For portable SIMD without manual intrinsics, use the wide crate instead.

Approach When to Use
wide Portable code, let the compiler choose instructions
archmage Need specific instructions, complex algorithms

Feature Flags

[dependencies]
archmage = "0.1"
Feature Description
std (default) Enable std library support
macros (default) Enable #[arcane] macro (alias: #[simd_fn])
safe_unaligned_simd (default) Safe load/store via references (exposed as mem module)
Unstable features (API may change):
Feature Description
__composite Higher-level ops (transpose, dot product)
__wide Integration with the wide crate

Testing Scalar Fallbacks

Set the ARCHMAGE_DISABLE environment variable to force scalar code paths:

ARCHMAGE_DISABLE=1 cargo test
ARCHMAGE_DISABLE=1 cargo run --release
// With ARCHMAGE_DISABLE set, this always takes the fallback path
if let Some(token) = Desktop64::summon() {
    simd_path(token, &mut data);
} else {
    scalar_fallback(&mut data);  // Always runs with ARCHMAGE_DISABLE
}

Methods with Self Receivers

Methods with self, &self, &mut self receivers are supported via the _self = Type argument.
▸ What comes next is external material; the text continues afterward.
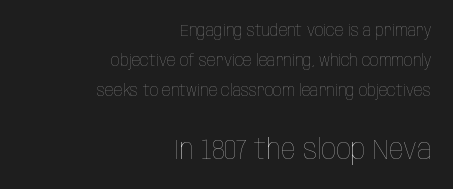
The image shows 29 px thin, condensed type, upright; set right-aligned, line spacing 1.77x, normal letter spacing, not underlined; the second (bottom) block is 1.71x larger; low stroke contrast and a large x-height.
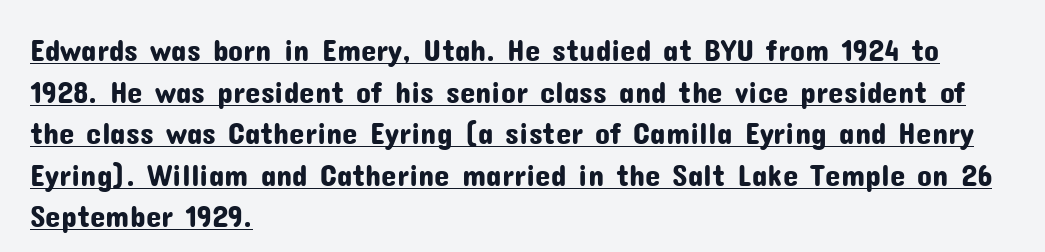
{"serif": "no", "italic": "no", "width": "normal", "stroke_contrast": "low", "x_height": "medium", "monospaced": "no", "underline": "yes", "align": "left", "line_spacing": "normal", "line_spacing_ratio": 1.34, "letter_spacing": "normal", "letter_spacing_em": 0.0, "glyph_px": 31}

Use _self in the function body instead of self:

use archmage::{HasAvx2, arcane};

trait SimdOps {
    fn double(&self, token: impl HasAvx2) -> Self;
    fn scale(&mut self, token: impl HasAvx2, factor: f32);
}

impl SimdOps for [f32; 8] {
    #[arcane(_self = [f32; 8])]
    fn double(&self, _token: impl HasAvx2) -> Self {
        // Use _self instead of self in the body
        let v = unsafe { _mm256_loadu_ps(_self.as_ptr()) };
        let doubled = _mm256_add_ps(v, v);
        let mut out = [0.0f32; 8];
        unsafe { _mm256_storeu_ps(out.as_mut_ptr(), doubled) };
        out
    }

    #[arcane(_self = [f32; 8])]
    fn scale(&mut self, _token: impl HasAvx2, factor: f32) {
        let v = unsafe { _mm256_loadu_ps(_self.as_ptr()) };
        let scale = _mm256_set1_ps(factor);
        let scaled = _mm256_mul_ps(v, scale);
        unsafe { _mm256_storeu_ps(_self.as_mut_ptr(), scaled) };
    }
}

Why _self? The macro generates an inner function where self becomes a regular parameter named _self. Using _self in your code reminds you that you're not using the normal self keyword.

All receiver types are supported: self (move), &self (ref), &mut self (mut ref)

License

MIT OR Apache-2.0

AI-Generated Code Notice

Developed with Claude (Anthropic). Not all code manually reviewed. Review critical paths before production use.